In Africa, reliance on technology and digital platforms is rapidly growing.
A new survey by Backbase, a Dutch engagement banking platform provider, reveals that banks are prioritizing digital transformation, focusing on enhancing operations and integrating advanced technologies like cloud computing and artificial intelligence (AI) to boost customer satisfaction and accelerate the launch of new products.
The study, which polled 155 banks in Africa, reveals that 76% of the respondents view digital transformation as either their biggest or one of the three biggest priorities, showcasing that banks in Africa are recognizing the need to leverage digital technologies to change how their organizations operate and deliver value to customers.
Retail banking remains the top focus in banks’ digital transformation efforts (39.5%) with now more complex processes such mortgage applications being targeting. This trend is particularly noticeable in countries like South Africa, Namibia and Egypt where the mortgage market is most substantial, the report says.

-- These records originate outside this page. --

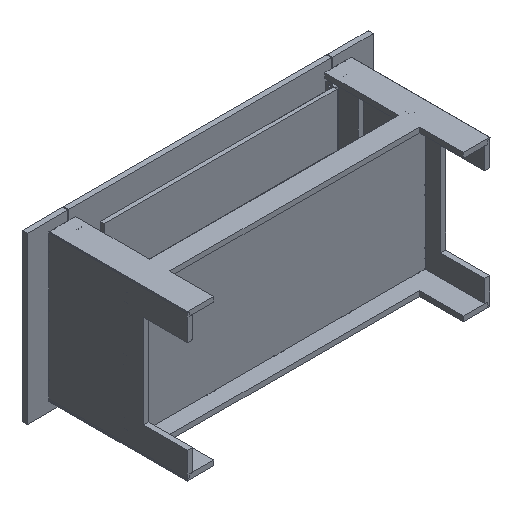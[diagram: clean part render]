
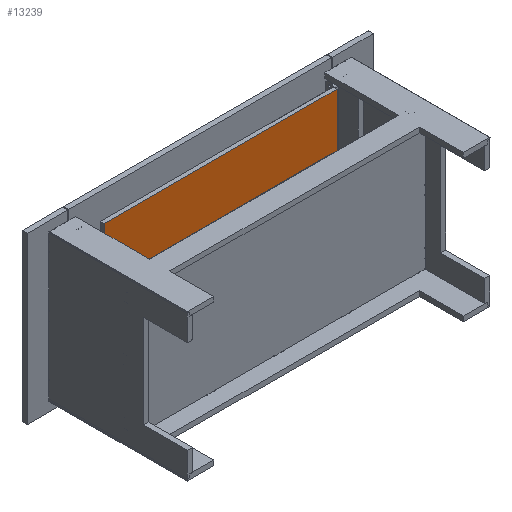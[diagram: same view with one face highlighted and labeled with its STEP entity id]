
A CAD part, isometric view. The second image highlights one B-rep face of the part: STEP entity #13239.
In plain terms, the highlighted face is planar.
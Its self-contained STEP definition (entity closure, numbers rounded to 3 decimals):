
#1245=FACE_OUTER_BOUND('',#1977,.T.);
#1977=EDGE_LOOP('',(#8886,#8887,#8888,#8889));
#2781=LINE('',#19658,#4124);
#2784=LINE('',#19663,#4127);
#2799=LINE('',#19692,#4142);
#2800=LINE('',#19694,#4143);
#4124=VECTOR('',#15433,10.);
#4127=VECTOR('',#15438,10.);
#4142=VECTOR('',#15463,10.);
#4143=VECTOR('',#15466,10.);
#5465=VERTEX_POINT('',#19655);
#5466=VERTEX_POINT('',#19657);
#5467=VERTEX_POINT('',#19661);
#5476=VERTEX_POINT('',#19690);
#6815=EDGE_CURVE('',#5465,#5466,#2781,.T.);
#6818=EDGE_CURVE('',#5465,#5467,#2784,.T.);
#6833=EDGE_CURVE('',#5476,#5467,#2799,.T.);
#6834=EDGE_CURVE('',#5466,#5476,#2800,.T.);
#8886=ORIENTED_EDGE('',*,*,#6818,.T.);
#8887=ORIENTED_EDGE('',*,*,#6833,.F.);
#8888=ORIENTED_EDGE('',*,*,#6834,.F.);
#8889=ORIENTED_EDGE('',*,*,#6815,.F.);
#12839=PLANE('',#13989);
#13239=ADVANCED_FACE('',(#1245),#12839,.T.);
#13989=AXIS2_PLACEMENT_3D('',#19712,#15485,#15486);
#15433=DIRECTION('',(0.,1.,0.));
#15438=DIRECTION('',(1.,0.,0.));
#15463=DIRECTION('',(0.,-1.,0.));
#15466=DIRECTION('',(1.,0.,0.));
#15485=DIRECTION('center_axis',(0.,0.,1.));
#15486=DIRECTION('ref_axis',(0.,-1.,0.));
#19655=CARTESIAN_POINT('',(-370.,-220.,65.));
#19657=CARTESIAN_POINT('',(-370.,220.,65.));
#19658=CARTESIAN_POINT('',(-370.,220.,65.));
#19661=CARTESIAN_POINT('',(370.,-220.,65.));
#19663=CARTESIAN_POINT('',(0.,-220.,65.));
#19690=CARTESIAN_POINT('',(370.,220.,65.));
#19692=CARTESIAN_POINT('',(370.,220.,65.));
#19694=CARTESIAN_POINT('',(0.,220.,65.));
#19712=CARTESIAN_POINT('Origin',(0.,220.,65.));
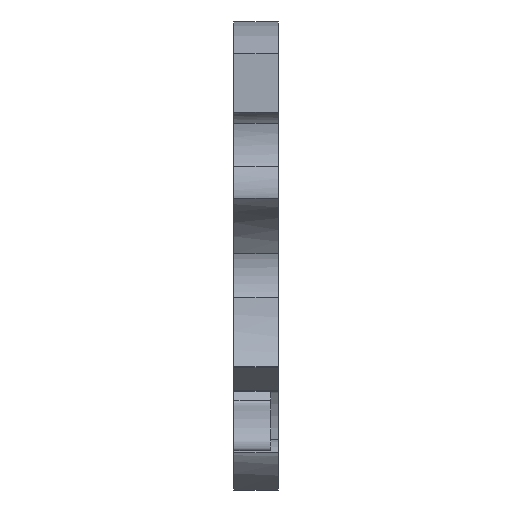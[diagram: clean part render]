
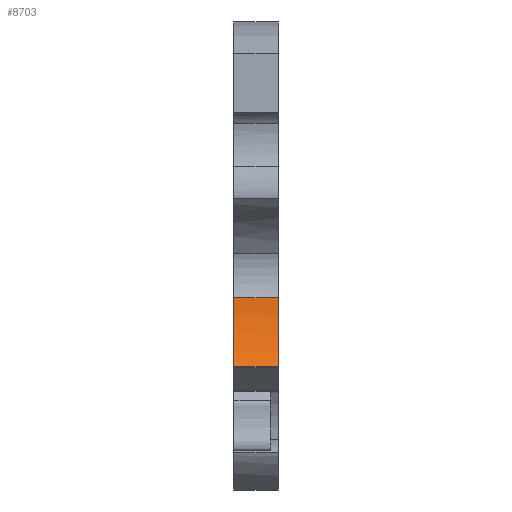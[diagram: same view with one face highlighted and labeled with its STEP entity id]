
A CAD part, top view. The second image highlights one B-rep face of the part: STEP entity #8703.
In plain terms, the highlighted free-form (B-spline) face has degree [2, 1] with [3, 2] control points.
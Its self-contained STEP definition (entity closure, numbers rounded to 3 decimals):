
#8680 = VERTEX_POINT('',#8681);
#8681 = CARTESIAN_POINT('',(0.,-45.415,125.631));
#8688 = VERTEX_POINT('',#8689);
#8689 = CARTESIAN_POINT('',(17.349,-45.415,
    125.631));
#8694 = EDGE_CURVE('',#8680,#8688,#8695,.T.);
#8695 = B_SPLINE_CURVE_WITH_KNOTS('',1,(#8696,#8697),.UNSPECIFIED.,.F.,
  .F.,(2,2),(0.,12.),.PIECEWISE_BEZIER_KNOTS.);
#8696 = CARTESIAN_POINT('',(0.,-45.415,125.631));
#8697 = CARTESIAN_POINT('',(17.349,-45.415,
    125.631));
#8703 = ADVANCED_FACE('',(#8704),#8728,.F.);
#8704 = FACE_BOUND('',#8705,.F.);
#8705 = EDGE_LOOP('',(#8706,#8715,#8721,#8722));
#8706 = ORIENTED_EDGE('',*,*,#8707,.T.);
#8707 = EDGE_CURVE('',#8708,#8710,#8712,.T.);
#8708 = VERTEX_POINT('',#8709);
#8709 = CARTESIAN_POINT('',(0.,-18.219,115.598));
#8710 = VERTEX_POINT('',#8711);
#8711 = CARTESIAN_POINT('',(17.349,-18.219,
    115.598));
#8712 = B_SPLINE_CURVE_WITH_KNOTS('',1,(#8713,#8714),.UNSPECIFIED.,.F.,
  .F.,(2,2),(0.,12.),.PIECEWISE_BEZIER_KNOTS.);
#8713 = CARTESIAN_POINT('',(0.,-18.219,115.598));
#8714 = CARTESIAN_POINT('',(17.349,-18.219,
    115.598));
#8715 = ORIENTED_EDGE('',*,*,#8716,.T.);
#8716 = EDGE_CURVE('',#8710,#8688,#8717,.T.);
#8717 = ( BOUNDED_CURVE() B_SPLINE_CURVE(2,(#8718,#8719,#8720),
.UNSPECIFIED.,.F.,.F.) B_SPLINE_CURVE_WITH_KNOTS((3,3),(5.694,
6.283),.PIECEWISE_BEZIER_KNOTS.) CURVE() 
GEOMETRIC_REPRESENTATION_ITEM() RATIONAL_B_SPLINE_CURVE((1.,
0.957,1.)) REPRESENTATION_ITEM('') );
#8718 = CARTESIAN_POINT('',(17.349,-18.219,
    115.598));
#8719 = CARTESIAN_POINT('',(17.349,-33.34,
    116.487));
#8720 = CARTESIAN_POINT('',(17.349,-45.415,
    125.631));
#8721 = ORIENTED_EDGE('',*,*,#8694,.F.);
#8722 = ORIENTED_EDGE('',*,*,#8723,.T.);
#8723 = EDGE_CURVE('',#8680,#8708,#8724,.T.);
#8724 = ( BOUNDED_CURVE() B_SPLINE_CURVE(2,(#8725,#8726,#8727),
.UNSPECIFIED.,.F.,.F.) B_SPLINE_CURVE_WITH_KNOTS((3,3),(0.,
0.589),.PIECEWISE_BEZIER_KNOTS.) CURVE() 
GEOMETRIC_REPRESENTATION_ITEM() RATIONAL_B_SPLINE_CURVE((1.,
0.957,1.)) REPRESENTATION_ITEM('') );
#8725 = CARTESIAN_POINT('',(0.,-45.415,125.631));
#8726 = CARTESIAN_POINT('',(0.,-33.34,116.487));
#8727 = CARTESIAN_POINT('',(0.,-18.219,115.598));
#8728 = ( BOUNDED_SURFACE() B_SPLINE_SURFACE(2,1,(
    (#8729,#8730)
    ,(#8731,#8732)
    ,(#8733,#8734
)),.UNSPECIFIED.,.F.,.F.,.F.) B_SPLINE_SURFACE_WITH_KNOTS((3,3),(2,2),(
    0.,0.589),(0.,12.),.PIECEWISE_BEZIER_KNOTS.) 
GEOMETRIC_REPRESENTATION_ITEM() RATIONAL_B_SPLINE_SURFACE((
    (1.,1.)
    ,(0.957,0.957)
,(1.,1.))) REPRESENTATION_ITEM('') SURFACE() );
#8729 = CARTESIAN_POINT('',(0.,-45.415,125.631));
#8730 = CARTESIAN_POINT('',(17.349,-45.415,
    125.631));
#8731 = CARTESIAN_POINT('',(0.,-33.34,116.487));
#8732 = CARTESIAN_POINT('',(17.349,-33.34,
    116.487));
#8733 = CARTESIAN_POINT('',(0.,-18.219,115.598));
#8734 = CARTESIAN_POINT('',(17.349,-18.219,
    115.598));

Another key focus is on small and medium-sized enterprises (SMEs), with 26.3% of surveyed banks prioritizing this sector. Micro enterprises make up over 95% of African SMEs and still largely rely on informal funding. Despite this, many African banks have yet to develop SME-specific digital platforms. This gap presents significant growth opportunities, the report says.
Banks in Africa are also using digital banking to expand into new markets cost-effectively. One example is Egypt’s CIB is entering the Kenyan market through its acquisition of Mayfair Bank, focusing on trade finance activities and digital banking services without a major expansion of its branch network.
Transforming banking operations
The survey results also reveal that the majority of banks in the region are fully embracing the benefits of digitalization. 60% of the surveyed banks said that most of their operations had been digitally transformed, with nearly half transforming more than three-quarters of their operations digitally. This indicates that a large number of organizations in the region are at the forefront of digital innovation and demonstrating a high level of technological maturity.
Another 28% of organizations have digitally transformed between a quarter and a half of their operations, while just 12% have minimal digital transformation with less than a quarter of their operations switched to digital processes to date. This suggests that while progress has been made, there is still potential for more comprehensive development.
Building digital infrastructure requires investments beyond usual spending. The study found that a fifth of the banks surveyed allocate more than US$3 million to digital transformation a year, a decrease from 28% in 2023. Conversely, 32% of banks spend less than US$300,000 annually, up from 27% last year. According to the report, both figures could reflect lower investment once new platforms have actually been established.
Cloud computing and AI as top technologies
When asked about the technologies they are incorporating into their digitization strategies, banks in Africa cited cloud computing as the top technology, with 25% of responses. Cloud computing is followed by AI with 20%, and big data and cybersecurity and resilience, which were each cited by 15% of respondents.
Cloud computing allows banks to scale their infrastructure rapidly, reduce costs associated with physical data center and enhance data privacy and compliance. AI, on the other hand, enables banks to analyze vast amounts of data for better decision-making, personalize customer services through predictive analytics, and automate routine tasks, thereby reducing human error and operational costs.
These technologies align with the primary benefits banks seek from digital transformation. Survey participants reported that increased customer satisfaction and loyalty (21.6%) are the most common outcomes of their digital efforts, followed by better customer engagement and personalization (18.9%), faster market entry for new products (16.2%) and increased revenues and profitability (16.2%).
Banking digitalization in Africa is advancing due to the emergence of new digital-first players in the market. The Fintech Times identified 45 neobanks in the Middle East and Africa region as of December 2023.
While most of these brands are digital banking arms launched by traditional banks, several independent players are also present. Successful examples include TymeBank, a South African neobank with more than nine million customers; Kuda, a Nigerian digital bank boasting seven million customers; and Chipper Cash, a US-headquartered and Pan-African neobank serving five million people across Nigeria, Ghana, Rwanda, Uganda and the US.